I walk another half mile. A half mile gets longer the later in the day you walk it. I arrive finally after a long walk out and about on a switchback. It's slightly cooler. There are some thru-hikers camping here and the second crossing. “Is there water?” I croak out. “Yes, up this little path about three hundred feet.” So I walk pack and all up the path scrambling over branches and roots to a tiny trickle of water in the mud. Someone had cutoff and stuck the top half of a water bottle and the water flowed through it like a spout. If you carefully set your water bottle beneath it you could get a liter in about five minutes. There was a line. I wait and wait finally get about a liter. Something inside said, “this isn't even the best one, move on.” So I did. Exhausted and with a single liter of water I move on another six tenths of a mile. Up a hill, past happy Thru-hikers sitting and talking, camp already setup. I'm slowly moving up the hill. Another sixth tenths of a mile and it's almost dark. There is no one here. I am able to get another four liters in a few minutes. The problem now is I have no way to purify it without dipping into my last drops of Aqua Mira. I am thirsty, but to be able to drink as soon as possible would require me to use five drops on three quarters of a liter. If instead I put the same five drops in three liters I would need to wait over an hour. I decide to put the drops into both three liter containers. I will have five liters of drinkable water in a few hours.

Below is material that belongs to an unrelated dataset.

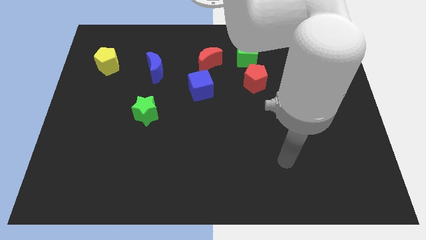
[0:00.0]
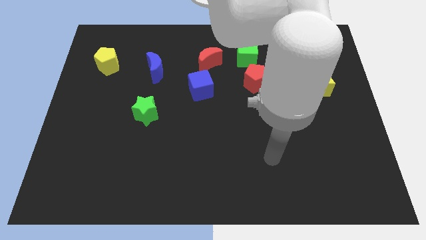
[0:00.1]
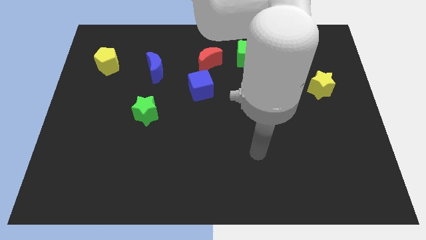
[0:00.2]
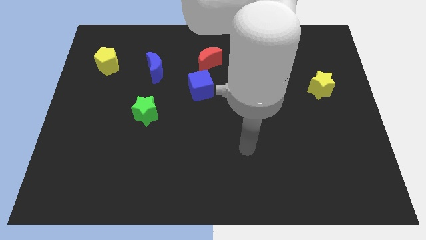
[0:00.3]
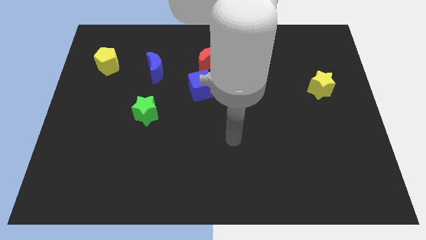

I have no where to camp and it's getting darker by the minute. I study my map and find that there is a campsite in four more miles. Four miles all uphill. I need to drink something, I'm desperately thirsty. At least the sun has set. I dig through my pack and pull out two Starbucks Caffe Mocha Via packets. I can't drink plain hot water, but if it was a large mocha maybe I can do it. I could cool it with the remaining six ounces of clean water that I have. So I boil about three quarters of a liter and make a giant caffe mocha. While the water is heating I pull out my headlamp. I am sitting in the dark with a red light on my head drinking a mocha. I closed my eyes and pretended that I was relaxing at a Starbucks. I pull out my last handful of nut mix and choke it down. Maybe that will provide enough energy to make it to camp. 

I pack away my cooking gear, switch my light to white and start climbing into the darkness. Away from the laughing voices and into the stillness and quiet. The trail switchbacks up and up one side of the trail is a wall, a steep hillside. The other side, well there isn't another side. It drops away into darkness. I think about how long it would take for me to be found if I slipped off the edge. I remember my Spot and think, “at least they'd know where to look.” Once I slipped, my foot rolling on a roundish rock. I caught myself with my right leg as I listened to the rock roll on and on down the hill in the blackness. It is a warm night, I am sweating my shirt is soaked. A slight breeze wafts by every now and again. All I know is a narrow white beam of existence through a steep and treacherous path. How long I walk I don't know, just focus on the next step. Will I walk all night? What if the sun never comes up. On and on until the trail levels. I seem to be traversing across the top but it's too dark and I'm to tired to care. 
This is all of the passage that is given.